Alcorn v. Chicago & A. R. Co.

Decision Date22 December 1891
Citation108 Mo. 81,18 S.W. 188
CourtMissouri Supreme Court
PartiesALCORN v. CHICAGO & A. R. CO.

1. In an action against a railway company for personal injuries to a switchman, while uncoupling moving cars, caused by his foot being caught between switch-rails at a place where the block between them was worn away by use, testimony that, within 24 hours after the accident, the defective block was replaced by a new one, is inadmissible to originate an inference or implied admission of negligence, and its admission is ground for reversal of a judgment for plaintiff. BRACE and BLACK, JJ., dissenting, on the ground that the error was not prejudicial.

2. A general objection to such testimony as "incompetent, irrelevant, and immaterial" is sufficient to exclude it where, upon the pleadings and the other evidence in the case, it is wholly inadmissible and misleading.

3. In such action a rule of the defendant company forbidding employes from getting between cars while in motion to uncouple them, is admissible in evidence, although not pleaded by the company, under Rev. St. 1889, § 2055, providing that only substantive facts shall be pleaded, and section 2060, that evidence need not be stated in a pleading.

4. The facts that copies of such rule were extensively distributed among defendant's employes, and posted in conspicuous places in the depots, switch-houses, and elsewhere, and that plaintiff had been for several years in defendant's employ, and had ample opportunities of becoming acquainted with it, are sufficient to raise an inference of his knowledge of it, and to render it admissible in evidence against him. Per SHERWOOD, C. J., and GANTT and MACFARLANE, JJ.

5. But where it appears that such rule had been practically abandoned by defendant, and that the exclusion of evidence of the rule could not have injuriously affected defendant's substantial rights, such exclusion is not ground for reversal of a judgment for plaintiff. Per BARCLAY, THOMAS, BRACE, and BLACK, JJ.

6. A railway switchman, while uncoupling moving cars, at night, was injured by reason of his foot being caught between switch-rails insufficiently blocked. He was familiar with the yard and tracks where the accident happened, and with the methods pursued by the railway company in blocking its tracks, but had no actual knowledge of the defective block. Held, that the question of his negligence, under the circumstances, was for the jury. SHERWOOD, C. J., contra.

In banc. Appeal from circuit court, Jackson county; TURNER A. GILL, Judge.

Action by Alcorn against the Chicago & Alton Railroad Company for personal injuries from defendant's negligence.
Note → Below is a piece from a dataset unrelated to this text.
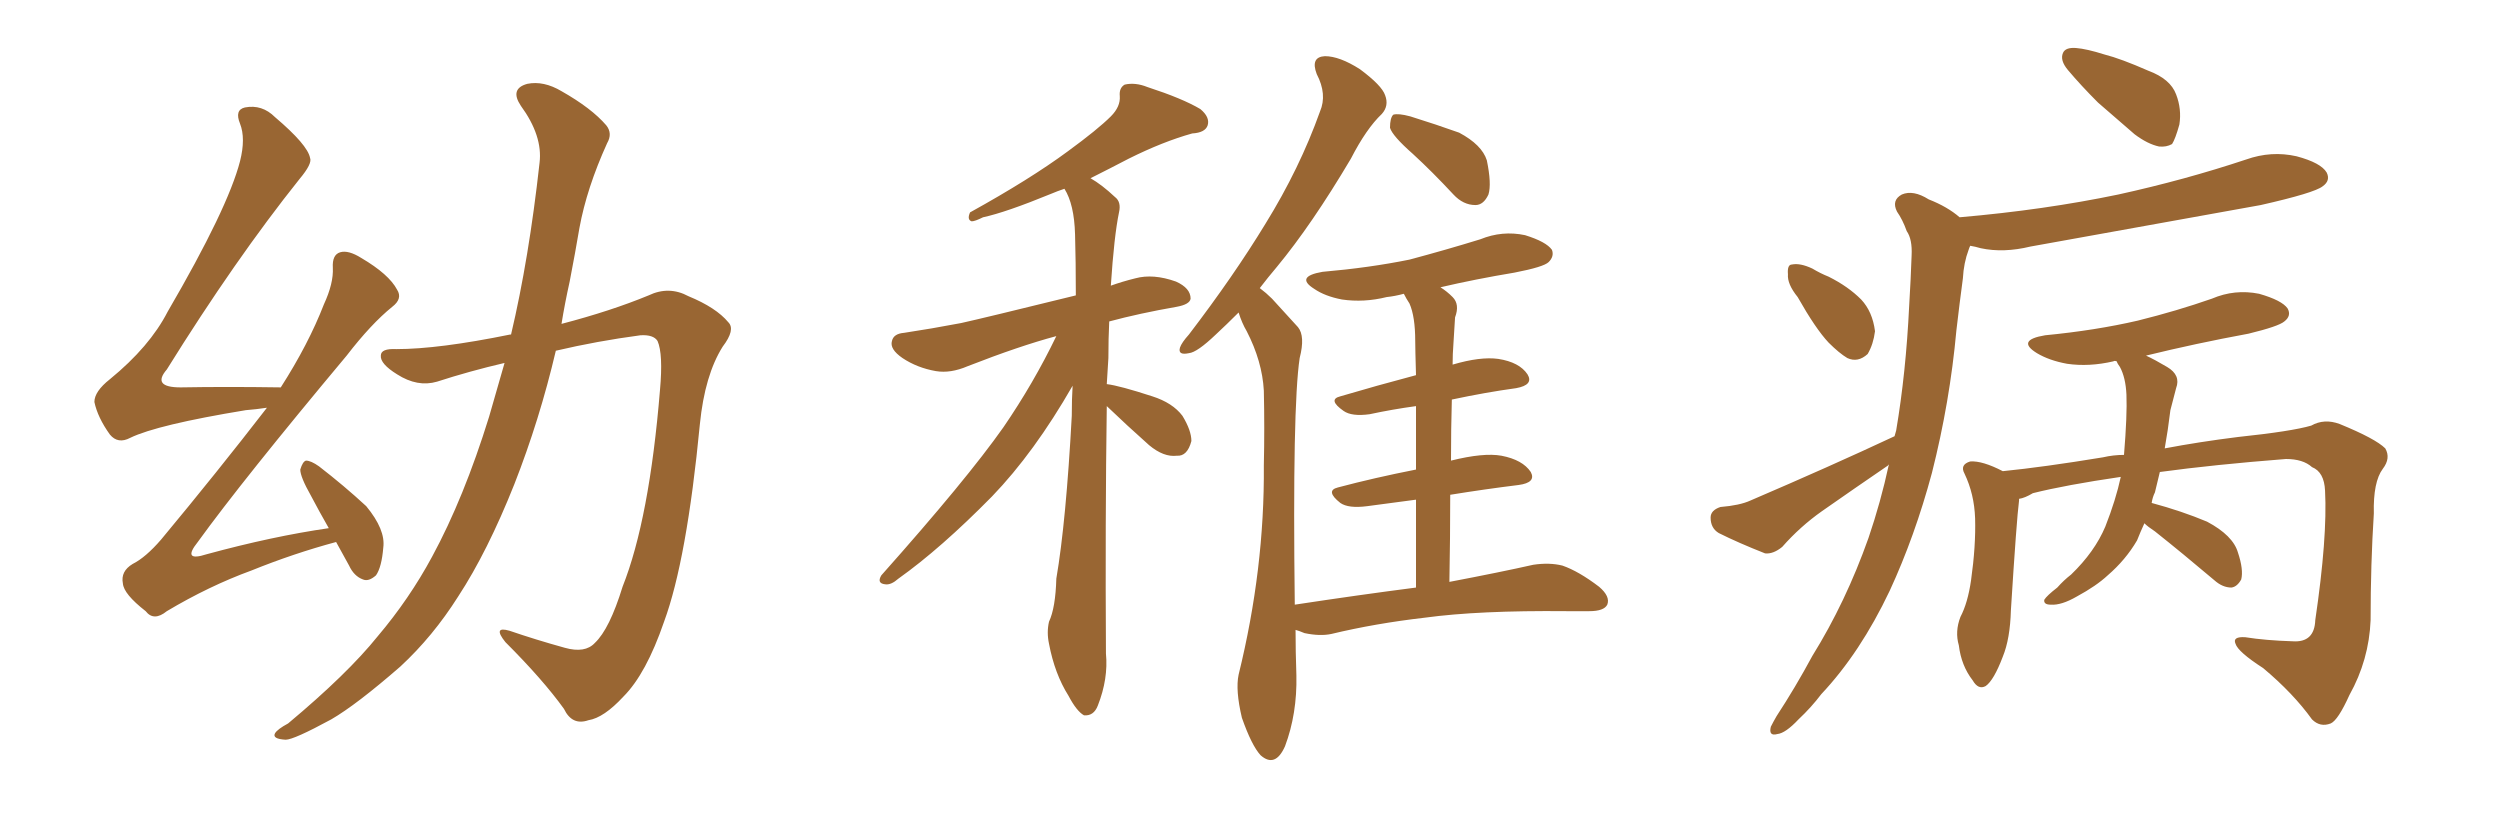 <svg xmlns="http://www.w3.org/2000/svg" xmlns:xlink="http://www.w3.org/1999/xlink" width="450" height="150"><path fill="#996633" padding="10" d="M60.50 97.56L60.50 97.56Q52.88 99.61 45.26 102.69L45.26 102.69Q37.65 105.47 30.03 110.01L30.03 110.01Q27.69 111.91 26.22 110.01L26.22 110.01Q22.27 106.93 22.12 105.03L22.12 105.03Q21.68 102.83 23.88 101.51L23.88 101.51Q26.22 100.34 29.00 97.12L29.00 97.12Q39.11 84.96 48.05 73.39L48.05 73.39Q46.14 73.68 44.24 73.83L44.24 73.83Q28.27 76.46 23.44 78.81L23.44 78.81Q21.24 79.98 19.78 78.22L19.78 78.22Q17.58 75.15 16.99 72.36L16.99 72.36Q16.99 70.46 19.78 68.26L19.78 68.26Q26.95 62.40 30.18 56.10L30.18 56.10Q41.02 37.50 43.21 29.00L43.21 29.00Q44.24 24.90 43.21 22.27L43.21 22.27Q42.19 19.78 44.09 19.34L44.09 19.34Q47.17 18.75 49.51 21.09L49.51 21.09Q55.37 26.07 55.81 28.42L55.81 28.42Q56.25 29.44 53.91 32.23L53.91 32.23Q42.33 46.73 30.03 66.50L30.03 66.50Q27.25 69.73 32.52 69.73L32.52 69.73Q40.72 69.58 50.54 69.73L50.54 69.73Q55.52 61.96 58.30 54.79L58.30 54.79Q60.06 50.98 59.91 48.19L59.91 48.19Q59.77 45.85 61.23 45.41L61.23 45.41Q62.70 44.97 65.04 46.44L65.04 46.44Q70.02 49.37 71.48 52.15L71.48 52.15Q72.51 53.76 70.61 55.22L70.61 55.22Q66.80 58.30 62.40 64.01L62.40 64.01Q43.65 86.43 35.60 97.56L35.60 97.56Q32.67 101.22 37.21 99.76L37.21 99.76Q49.07 96.53 59.18 95.07L59.18 95.07Q57.42 91.99 55.96 89.21L55.96 89.21Q54.05 85.84 54.05 84.52L54.05 84.52Q54.49 83.06 55.08 82.91L55.08 82.91Q55.96 82.91 57.42 83.94L57.42 83.94Q61.96 87.45 65.92 91.11L65.92 91.11Q69.43 95.36 68.99 98.58L68.99 98.58Q68.70 102.10 67.68 103.56L67.68 103.56Q66.36 104.74 65.33 104.30L65.33 104.30Q63.72 103.71 62.84 101.81L62.84 101.81Q61.52 99.46 60.50 97.56ZM90.82 65.33L90.82 65.33L90.82 65.33Q84.52 66.80 78.66 68.70L78.66 68.70Q75.15 69.73 71.48 67.38L71.48 67.38Q68.41 65.48 68.55 64.01L68.55 64.01Q68.55 62.70 71.34 62.84L71.34 62.84Q78.96 62.84 91.85 60.21L91.85 60.21Q91.85 60.21 91.99 60.21L91.99 60.21Q95.21 46.58 97.12 29.30L97.12 29.30Q97.71 24.46 93.75 19.04L93.75 19.04Q91.70 15.97 94.92 15.09L94.92 15.09Q97.85 14.50 101.07 16.41L101.07 16.41Q106.49 19.48 109.13 22.56L109.13 22.56Q110.30 24.02 109.28 25.78L109.28 25.78Q105.62 33.84 104.30 41.02L104.30 41.02Q103.56 45.41 102.54 50.68L102.54 50.68Q101.66 54.64 101.07 58.30L101.07 58.30Q110.01 55.96 116.75 53.17L116.75 53.17Q120.41 51.42 123.93 53.32L123.93 53.32Q128.91 55.37 131.10 58.01L131.10 58.01Q132.42 59.33 130.08 62.40L130.08 62.40Q126.86 67.53 125.98 76.32L125.98 76.32Q123.63 100.78 119.53 111.91L119.53 111.91Q116.31 121.29 112.21 125.39L112.21 125.39Q108.69 129.20 105.91 129.64L105.91 129.64Q102.98 130.66 101.51 127.59L101.51 127.59Q97.71 122.31 90.97 115.58L90.97 115.58Q88.62 112.65 91.70 113.53L91.70 113.53Q96.39 115.14 101.66 116.60L101.66 116.60Q105.32 117.63 107.08 115.72L107.08 115.72Q109.72 113.23 112.06 105.62L112.06 105.62Q116.89 93.46 118.80 70.17L118.80 70.17Q119.38 63.72 118.36 61.38L118.36 61.38Q117.63 60.21 115.28 60.35L115.28 60.35Q107.52 61.38 100.05 63.13L100.05 63.13Q97.12 75.59 92.58 87.16L92.58 87.16Q87.74 99.32 82.47 107.37L82.47 107.37Q77.93 114.55 72.07 119.97L72.07 119.97Q64.16 126.86 59.62 129.49L59.62 129.49Q52.88 133.15 51.42 133.15L51.42 133.15Q48.93 133.01 49.51 131.98L49.51 131.98Q49.95 131.25 51.86 130.22L51.86 130.22Q62.55 121.29 67.97 114.55L67.97 114.55Q73.68 107.81 77.78 100.20L77.78 100.20Q83.50 89.65 88.04 75L88.04 75Q89.36 70.31 90.82 65.33ZM199.22 73.10L199.22 73.10Q198.93 93.75 199.07 117.63L199.07 117.63Q199.51 122.17 197.61 127.00L197.61 127.00Q196.88 128.91 195.12 128.76L195.12 128.76Q193.80 128.03 192.33 125.24L192.33 125.24Q189.84 121.29 188.82 115.87L188.82 115.87Q188.38 113.82 188.82 111.91L188.82 111.91Q189.99 109.42 190.14 104.15L190.14 104.15Q191.89 93.90 192.92 74.85L192.92 74.85Q192.92 71.78 193.07 69.43L193.07 69.43Q186.18 81.45 178.56 89.36L178.56 89.36Q169.34 98.73 161.72 104.15L161.72 104.15Q160.40 105.32 159.38 105.18L159.38 105.18Q157.76 105.03 158.64 103.56L158.64 103.56Q174.02 86.28 180.62 76.90L180.62 76.90Q186.04 68.99 190.14 60.50L190.14 60.50Q183.54 62.26 174.17 65.92L174.17 65.92Q171.09 67.24 168.46 66.80L168.46 66.80Q165.09 66.21 162.45 64.45L162.45 64.45Q160.11 62.84 160.55 61.38L160.55 61.38Q160.84 60.06 162.74 59.91L162.74 59.91Q167.58 59.18 173.00 58.15L173.00 58.15Q176.95 57.28 193.65 53.17L193.65 53.17Q193.65 47.02 193.51 42.19L193.51 42.19Q193.36 36.77 191.60 33.98L191.60 33.98Q190.28 34.42 189.26 34.86L189.26 34.86Q181.05 38.23 176.95 39.11L176.95 39.11Q175.49 39.84 174.90 39.84L174.90 39.84Q174.02 39.55 174.61 38.23L174.61 38.23Q185.45 32.23 192.19 27.25L192.19 27.25Q197.61 23.29 199.95 20.95L199.95 20.95Q201.71 19.19 201.56 17.29L201.56 17.29Q201.42 15.82 202.44 15.23L202.44 15.23Q204.35 14.79 206.54 15.67L206.54 15.67Q212.84 17.72 216.06 19.63L216.06 19.63Q217.82 21.09 217.38 22.56L217.38 22.56Q216.94 23.88 214.60 24.02L214.60 24.02Q209.33 25.49 203.17 28.56L203.17 28.56Q199.80 30.32 196.29 32.08L196.29 32.08Q198.34 33.25 200.68 35.45L200.68 35.45Q201.86 36.33 201.42 38.23L201.42 38.23Q200.54 42.48 199.95 51.42L199.95 51.42Q202.00 50.68 204.35 50.10L204.35 50.10Q207.57 49.22 211.67 50.68L211.67 50.68Q214.31 51.86 214.31 53.76L214.31 53.76Q214.16 54.79 211.82 55.22L211.82 55.22Q205.08 56.40 199.66 57.86L199.66 57.86Q199.51 60.94 199.51 64.45L199.51 64.45Q199.37 66.80 199.22 69.14L199.22 69.14Q201.56 69.43 207.42 71.34L207.42 71.34Q211.08 72.51 212.84 74.85L212.84 74.85Q214.45 77.49 214.45 79.39L214.45 79.39Q213.72 82.18 211.82 82.03L211.82 82.03Q209.47 82.32 206.84 80.13L206.84 80.13Q202.88 76.61 199.22 73.10ZM254.30 27.69L254.30 27.69Q250.63 24.46 250.20 23.00L250.20 23.00Q250.20 21.24 250.78 20.65L250.78 20.65Q251.66 20.36 253.86 20.95L253.86 20.95Q258.54 22.41 262.65 23.88L262.65 23.88Q266.75 26.07 267.63 28.86L267.63 28.86Q268.51 33.11 267.92 35.01L267.92 35.01Q267.04 36.91 265.58 36.91L265.58 36.91Q263.38 36.91 261.62 35.01L261.62 35.01Q257.81 30.91 254.30 27.69ZM254.88 105.76L254.88 105.76L254.88 105.76Q254.88 96.68 254.88 89.94L254.88 89.94Q250.63 90.53 246.09 91.11L246.09 91.11Q242.72 91.55 241.26 90.53L241.26 90.53Q238.48 88.33 240.82 87.74L240.82 87.74Q247.41 85.99 254.88 84.52L254.88 84.52Q254.88 77.64 254.88 73.10L254.88 73.10Q250.63 73.68 246.53 74.56L246.53 74.56Q243.31 75 241.85 73.97L241.85 73.97Q238.92 71.92 241.26 71.34L241.26 71.34Q247.71 69.43 254.88 67.53L254.88 67.53Q254.74 62.70 254.74 61.38L254.74 61.38Q254.74 56.98 253.71 54.64L253.71 54.64Q253.13 53.76 252.69 52.88L252.69 52.88Q251.07 53.32 249.61 53.47L249.61 53.47Q245.51 54.49 241.55 53.91L241.55 53.91Q238.48 53.32 236.57 52.00L236.57 52.00Q233.06 49.80 238.04 48.93L238.04 48.93Q246.53 48.19 253.71 46.73L253.71 46.73Q260.30 44.97 266.46 43.07L266.46 43.07Q270.41 41.46 274.51 42.33L274.51 42.33Q278.32 43.51 279.35 44.97L279.35 44.97Q279.79 46.14 278.76 47.17L278.76 47.17Q277.88 48.05 272.61 49.07L272.61 49.07Q265.58 50.24 259.28 51.71L259.28 51.71Q260.45 52.44 261.47 53.47L261.47 53.47Q262.79 54.79 261.91 57.13L261.91 57.13Q261.77 59.03 261.62 61.82L261.62 61.82Q261.47 63.72 261.47 65.63L261.47 65.63Q266.46 64.16 269.68 64.60L269.68 64.60Q273.49 65.19 274.95 67.38L274.95 67.38Q276.12 69.29 272.90 69.87L272.90 69.87Q267.48 70.61 261.33 71.92L261.33 71.92Q261.18 77.20 261.18 82.91L261.18 82.91Q267.04 81.45 270.26 82.03L270.26 82.03Q274.07 82.76 275.54 84.96L275.54 84.96Q276.56 86.87 273.34 87.30L273.34 87.30Q267.33 88.04 261.04 89.06L261.04 89.06Q261.04 96.68 260.89 104.74L260.89 104.74Q270.12 102.98 275.98 101.66L275.98 101.66Q278.91 101.22 281.25 101.81L281.25 101.81Q284.18 102.83 287.84 105.62L287.84 105.62Q289.89 107.37 289.31 108.84L289.31 108.84Q288.72 110.01 286.08 110.01L286.08 110.01Q284.18 110.01 281.98 110.01L281.98 110.01Q266.16 109.86 256.49 111.18L256.49 111.18Q247.56 112.21 239.65 114.11L239.65 114.11Q237.60 114.55 234.81 113.96L234.81 113.96Q233.79 113.53 233.20 113.38L233.20 113.38Q233.20 117.19 233.35 121.58L233.35 121.58Q233.50 128.47 231.30 134.33L231.30 134.33Q229.54 138.28 226.90 135.94L226.90 135.94Q225.29 134.18 223.54 129.20L223.54 129.20Q222.36 124.22 222.95 121.44L222.95 121.44Q227.64 102.39 227.49 83.79L227.49 83.79Q227.64 77.05 227.49 70.31L227.49 70.31Q227.20 65.04 224.41 59.62L224.41 59.62Q223.54 58.15 222.95 56.25L222.95 56.25Q220.75 58.45 218.85 60.21L218.85 60.21Q215.48 63.43 214.01 63.57L214.01 63.57Q211.96 64.01 212.40 62.55L212.40 62.55Q212.70 61.67 214.01 60.21L214.01 60.21Q222.07 49.66 227.78 40.28L227.78 40.28Q233.94 30.32 237.60 20.07L237.60 20.07Q238.92 16.99 237.01 13.33L237.01 13.33Q235.84 10.25 238.48 10.11L238.48 10.11Q241.11 10.11 244.78 12.45L244.78 12.45Q248.73 15.38 249.32 17.14L249.32 17.14Q250.05 19.04 248.73 20.51L248.73 20.51Q245.95 23.14 243.16 28.56L243.16 28.56Q236.13 40.43 229.83 48.05L229.83 48.05Q228.22 49.95 226.76 51.86L226.76 51.86Q227.93 52.73 228.96 53.76L228.96 53.76Q230.86 55.81 233.64 58.89L233.64 58.89Q234.96 60.50 233.94 64.45L233.94 64.45Q232.62 73.24 233.06 108.84L233.06 108.84Q244.63 107.08 254.88 105.76ZM373.68 8.64L373.68 8.64Q375.59 8.79 378.81 9.81L378.81 9.81Q381.74 10.55 386.72 12.74L386.72 12.74Q390.67 14.21 391.70 16.99L391.70 16.99Q392.72 19.63 392.29 22.41L392.29 22.41Q391.55 25.05 390.97 25.93L390.97 25.93Q389.94 26.51 388.62 26.37L388.62 26.37Q386.57 25.93 384.23 24.17L384.23 24.17Q380.86 21.24 377.64 18.46L377.64 18.46Q374.56 15.38 372.22 12.60L372.22 12.60Q370.75 10.84 371.34 9.52L371.34 9.52Q371.78 8.50 373.68 8.64ZM385.99 94.19L385.99 94.19Q385.25 95.80 384.67 97.27L384.67 97.27Q382.62 100.78 379.39 103.56L379.39 103.56Q377.34 105.47 373.83 107.37L373.83 107.37Q371.04 108.98 369.14 108.84L369.14 108.84Q367.82 108.84 367.97 107.96L367.97 107.96Q368.41 107.23 370.31 105.76L370.31 105.76Q371.48 104.44 372.80 103.42L372.80 103.42Q377.05 99.32 378.96 94.78L378.96 94.78Q380.86 89.94 381.74 85.84L381.74 85.84Q371.78 87.30 365.92 88.77L365.92 88.77Q364.45 89.65 363.43 89.79L363.43 89.79Q363.43 89.94 363.43 90.09L363.43 90.09Q362.99 93.46 361.96 109.86L361.96 109.86Q361.82 114.99 360.50 118.21L360.50 118.21Q358.89 122.46 357.42 123.49L357.42 123.49Q356.10 124.22 355.08 122.46L355.08 122.46Q353.03 119.82 352.59 116.16L352.59 116.16Q351.86 113.67 352.88 111.04L352.88 111.04Q354.20 108.54 354.79 104.44L354.79 104.44Q355.66 98.29 355.52 93.31L355.52 93.31Q355.37 88.92 353.61 85.25L353.61 85.25Q352.73 83.64 354.64 83.06L354.64 83.06Q356.84 82.91 360.50 84.81L360.50 84.81Q367.82 84.08 378.52 82.32L378.52 82.32Q380.42 81.88 382.32 81.88L382.32 81.88Q382.91 74.71 382.76 71.04L382.76 71.04Q382.62 67.97 381.59 66.06L381.59 66.06Q381.15 65.48 381.01 65.04L381.01 65.04Q380.57 64.89 380.42 65.04L380.42 65.04Q376.03 66.06 372.07 65.48L372.07 65.48Q368.85 64.89 366.65 63.57L366.65 63.57Q362.84 61.23 368.12 60.35L368.12 60.35Q377.20 59.47 384.81 57.71L384.81 57.71Q391.85 55.96 398.14 53.76L398.14 53.76Q402.25 52.00 406.64 52.88L406.64 52.88Q410.74 54.05 411.77 55.52L411.77 55.52Q412.50 56.84 411.18 57.86L411.18 57.86Q410.16 58.74 404.74 60.06L404.74 60.06Q395.21 61.82 386.28 64.01L386.28 64.01Q387.89 64.75 390.09 66.06L390.09 66.06Q392.58 67.53 391.70 69.87L391.70 69.87Q391.26 71.48 390.67 73.83L390.67 73.83Q390.23 77.49 389.65 80.71L389.65 80.71Q395.80 79.54 402.83 78.66L402.83 78.66Q412.50 77.64 416.02 76.61L416.02 76.61Q418.36 75.29 421.14 76.32L421.14 76.32Q427.59 78.96 429.35 80.71L429.35 80.71Q430.37 82.47 428.91 84.38L428.91 84.38Q427.15 86.72 427.29 92.43L427.29 92.43Q426.71 101.51 426.71 111.62L426.71 111.62Q426.42 118.80 422.90 125.10L422.90 125.10Q420.85 129.64 419.53 130.22L419.53 130.22Q417.63 130.96 416.16 129.49L416.16 129.49Q412.79 124.80 407.37 120.26L407.37 120.26Q402.83 117.33 402.39 115.87L402.39 115.87Q401.81 114.55 404.15 114.70L404.15 114.70Q407.81 115.28 412.65 115.43L412.65 115.43Q416.60 115.72 416.75 111.62L416.75 111.62Q418.95 96.68 418.51 88.33L418.51 88.33Q418.36 84.96 416.16 84.08L416.16 84.08Q414.55 82.62 411.47 82.62L411.47 82.62Q398.44 83.64 388.77 84.96L388.77 84.96Q388.33 86.87 387.89 88.62L387.89 88.62Q387.45 89.50 387.30 90.53L387.30 90.53Q392.72 91.99 397.27 93.90L397.27 93.90Q401.95 96.39 402.83 99.46L402.83 99.46Q403.86 102.54 403.42 104.30L403.42 104.30Q402.69 105.62 401.66 105.76L401.66 105.76Q400.05 105.76 398.58 104.44L398.58 104.44Q392.87 99.61 387.89 95.65L387.89 95.65Q386.57 94.78 385.99 94.19ZM323.58 53.47L323.58 53.47Q321.68 51.12 321.83 49.37L321.83 49.37Q321.68 47.61 322.56 47.61L322.56 47.61Q324.02 47.31 326.22 48.34L326.22 48.34Q327.69 49.22 329.15 49.80L329.15 49.80Q332.67 51.56 335.01 53.91L335.01 53.91Q337.06 56.10 337.50 59.62L337.50 59.62Q337.21 61.96 336.18 63.72L336.18 63.72Q334.42 65.33 332.52 64.45L332.52 64.45Q331.05 63.57 329.15 61.67L329.15 61.67Q326.81 59.18 323.58 53.47ZM341.02 78.52L341.02 78.52L341.02 78.52Q341.16 77.93 341.31 77.49L341.31 77.49Q343.07 67.09 343.65 55.08L343.65 55.08Q343.95 50.10 344.09 46.00L344.09 46.00Q344.24 43.07 343.21 41.60L343.21 41.60Q342.48 39.55 341.46 38.09L341.46 38.09Q340.43 36.04 342.33 35.01L342.33 35.01Q344.38 34.13 347.17 35.89L347.17 35.89Q350.54 37.21 352.73 39.11L352.73 39.11Q367.97 37.79 381.30 35.01L381.30 35.01Q393.31 32.37 404.30 28.71L404.30 28.71Q408.84 27.10 413.38 28.13L413.38 28.13Q417.77 29.30 418.80 31.05L418.80 31.05Q419.53 32.52 418.07 33.54L418.07 33.54Q416.60 34.72 406.93 36.91L406.93 36.91Q385.84 40.72 365.48 44.38L365.48 44.38Q360.64 45.56 356.54 44.68L356.54 44.68Q355.52 44.38 354.64 44.24L354.64 44.24Q354.49 44.53 354.35 44.97L354.35 44.97Q353.47 47.31 353.32 50.10L353.32 50.10Q352.73 54.49 352.15 59.47L352.15 59.47Q350.98 72.36 347.75 85.11L347.75 85.11Q344.68 96.53 340.14 106.35L340.14 106.35Q334.86 117.48 327.83 124.95L327.83 124.95Q326.07 127.29 323.73 129.49L323.73 129.49Q321.39 131.98 319.92 132.13L319.92 132.13Q318.31 132.57 318.75 130.81L318.75 130.81Q319.19 129.93 319.78 128.91L319.78 128.91Q323.14 123.78 326.22 118.07L326.22 118.07Q332.23 108.40 336.33 96.83L336.33 96.83Q338.53 90.38 339.99 83.64L339.99 83.64Q339.84 83.64 339.84 83.79L339.84 83.79Q333.84 87.89 327.98 91.99L327.98 91.99Q324.02 94.78 320.80 98.44L320.80 98.44Q319.19 99.76 317.72 99.61L317.72 99.61Q312.89 97.71 309.38 95.95L309.38 95.95Q307.91 95.07 307.91 93.16L307.91 93.16Q307.91 91.85 309.67 91.26L309.67 91.26Q313.18 90.97 315.09 90.09L315.09 90.09Q329.44 83.94 341.02 78.52Z"/></svg>

Judgment for plaintiff. Defendant appeals. Reversed. For previous reports, see 14 S. W. Rep. 943, and 16 S. W. Rep. 229.

Lathrop, Smith & Morrow, for appellant. Beebe, Randolph & Watson, for respondent.

SHERWOOD, C. J.

This cause has been thrice argued, and will be found reported in 14 S. W. Rep. 943, and 16 S. W. Rep. 229. When argued the second time, the following statement of the case and opinion were filed:

"STATEMENT.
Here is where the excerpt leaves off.